Among the neural network-based speech synthesis methods, the most commonly used are a recurrent neural network-based method (DNN), a recurrent neural network-based (RNN) method, and a long-term memory network-based (LSTM) method. The method for synthesizing a bidirectional RNN proposed by Schuster, which is used as a sequence learner, can encode context information of a current frame to generate a bidirectional sequence and perform modeling through sequence learning. Hochreiter et al, to solve the problem of gradient disappearance of conventional RNN, propose a new Long Short Term Memory LSTM (Short-time Memory) structure. A more recent popular approach is to employ deep belief networks (DBMs) while modeling the relationship of speech and acoustic features. And estimating the function prediction acoustic features through a real-value audio track neural autoregressive density and a deep mixing density network. A deep feed-forward neural network can be viewed as an alternative to decision trees in HMM-based speech. The recurrent neural network is used to express TTS as a sequence-to-sequence mapping problem. Under the constraint of adding context, the long-time memory network combines a Gate Recursion Unit (GRU) based on RNN with a mixed density model to predict the sequence of the probability density function.
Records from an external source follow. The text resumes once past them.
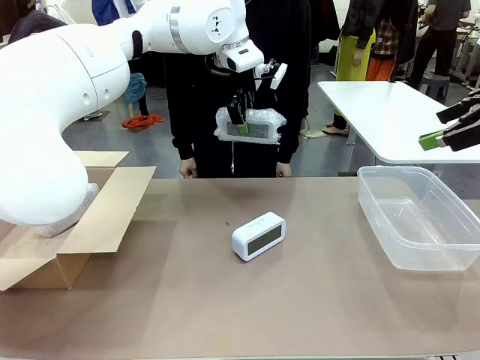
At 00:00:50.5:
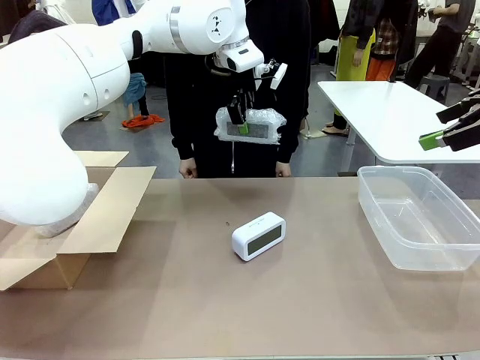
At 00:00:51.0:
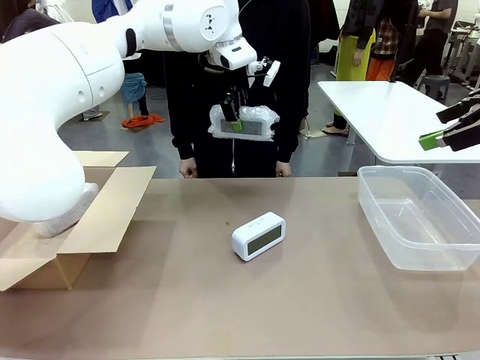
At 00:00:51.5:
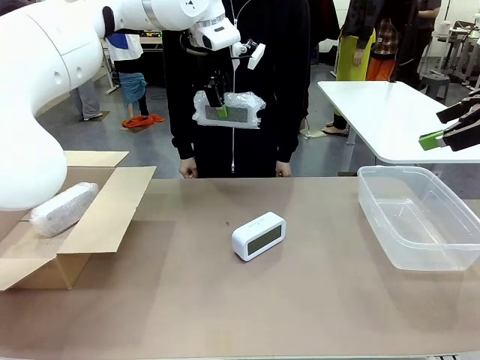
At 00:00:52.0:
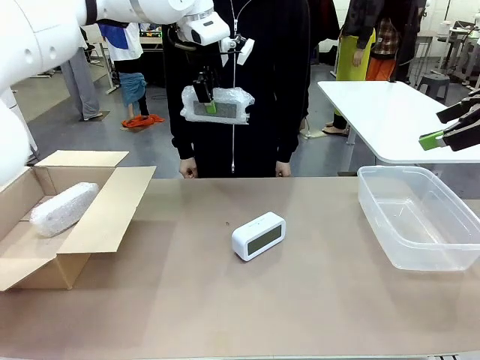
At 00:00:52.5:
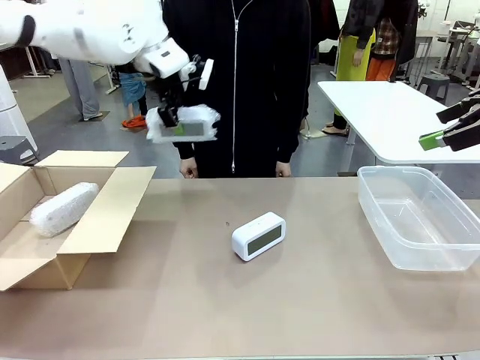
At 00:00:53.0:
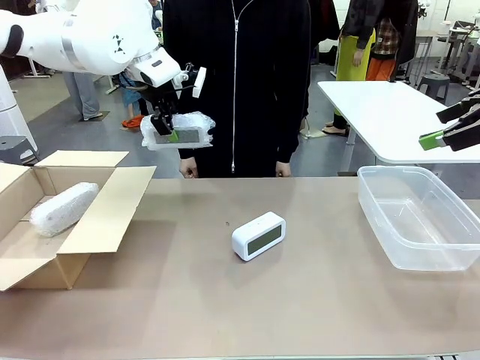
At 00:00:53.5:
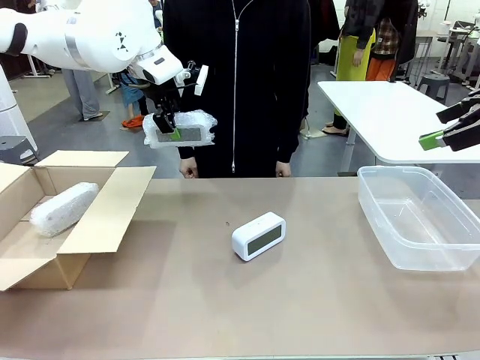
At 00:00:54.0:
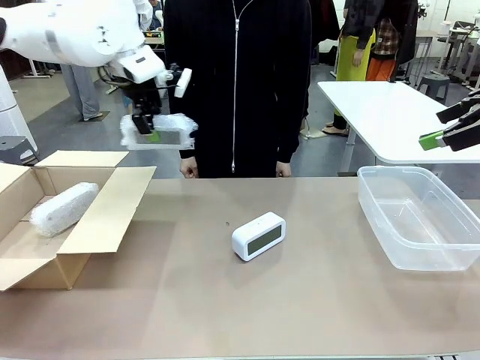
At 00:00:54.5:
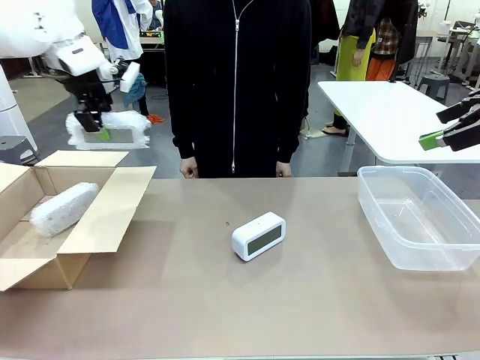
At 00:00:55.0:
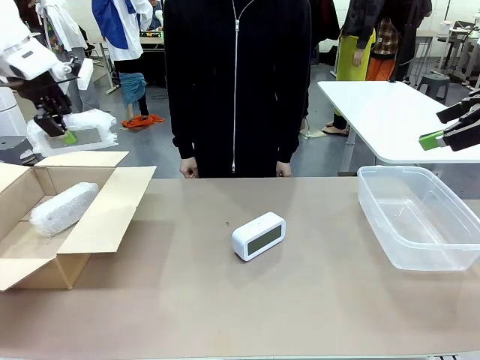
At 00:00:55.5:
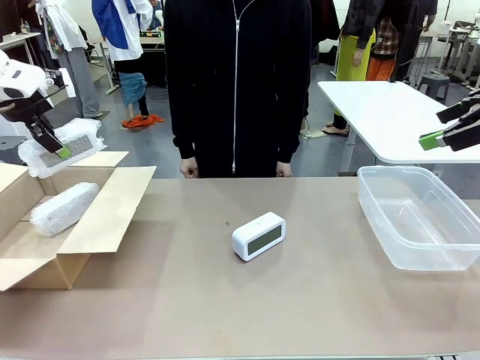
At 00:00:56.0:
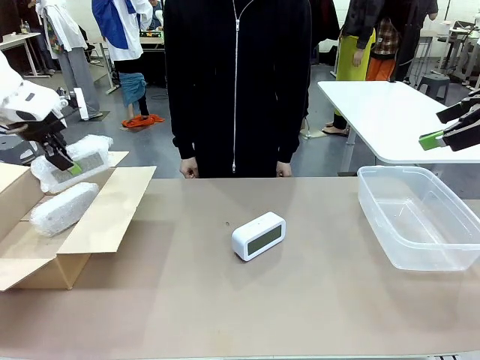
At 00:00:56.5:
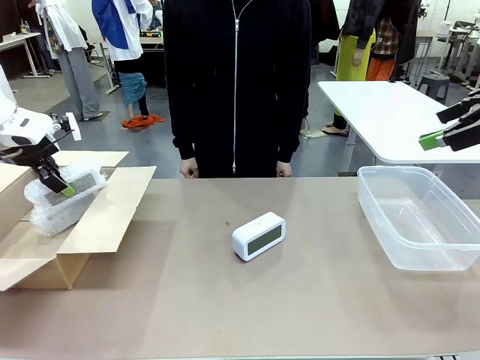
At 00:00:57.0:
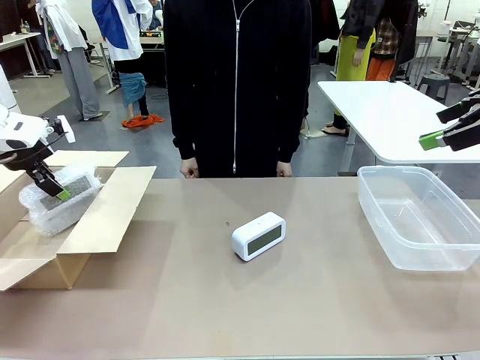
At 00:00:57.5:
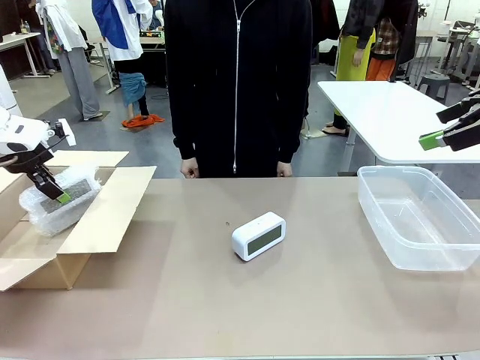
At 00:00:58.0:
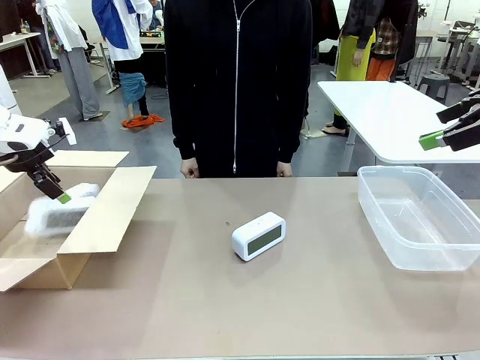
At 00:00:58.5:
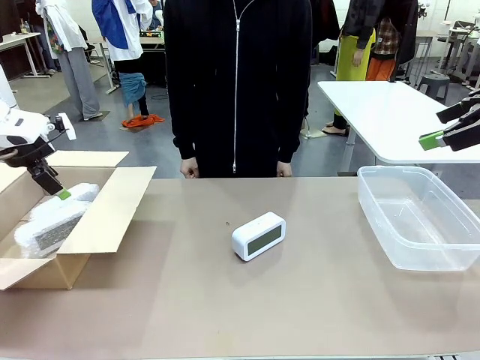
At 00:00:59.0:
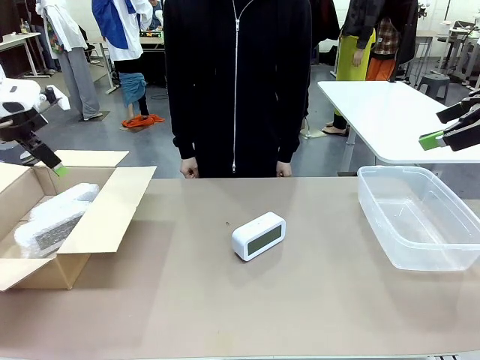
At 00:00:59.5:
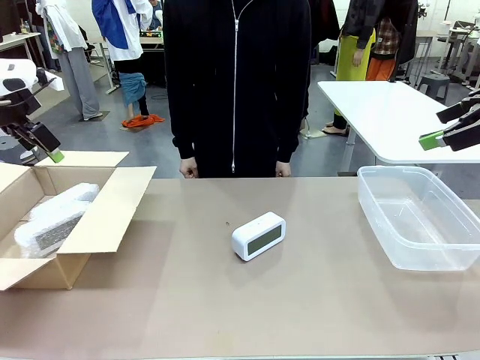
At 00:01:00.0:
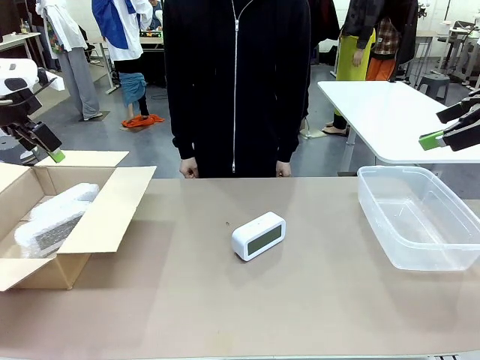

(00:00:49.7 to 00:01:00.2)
Task: Separate and place wrapped and unwrapped clocks.
Robot: If the picked Digital clock is wrapped, place it in the Package Box ; if not, place it in the Organizing box.

Therefore, the technical problem of the above reaction is a problem to be solved by those skilled in the art.

Disclosure of Invention

The technical problem to be solved by the invention is to overcome the defects of the technology and provide a novel Uygur speech synthesis method.

In order to solve the technical problems, the technical scheme provided by the invention is a novel Uygur speech synthesis method: the method comprises the following steps:

(1) forming a recurrent neural network by using two recurrent neural networks;

(2) encoding in a source language and decoding in a target language using a recurrent neural network, the encoder mapping variable length linear sequences to fixed length vectors and the decoder mapping vector representations to variable length target sequences;

(3) reading forward from the starting point of the text sequence by using the RNN, and reading from the end point of the text sequence by using another RNN model;

(5) and expanding memory by a long-time memory network, and using an LSTM unit as a construction unit of an RNN layer.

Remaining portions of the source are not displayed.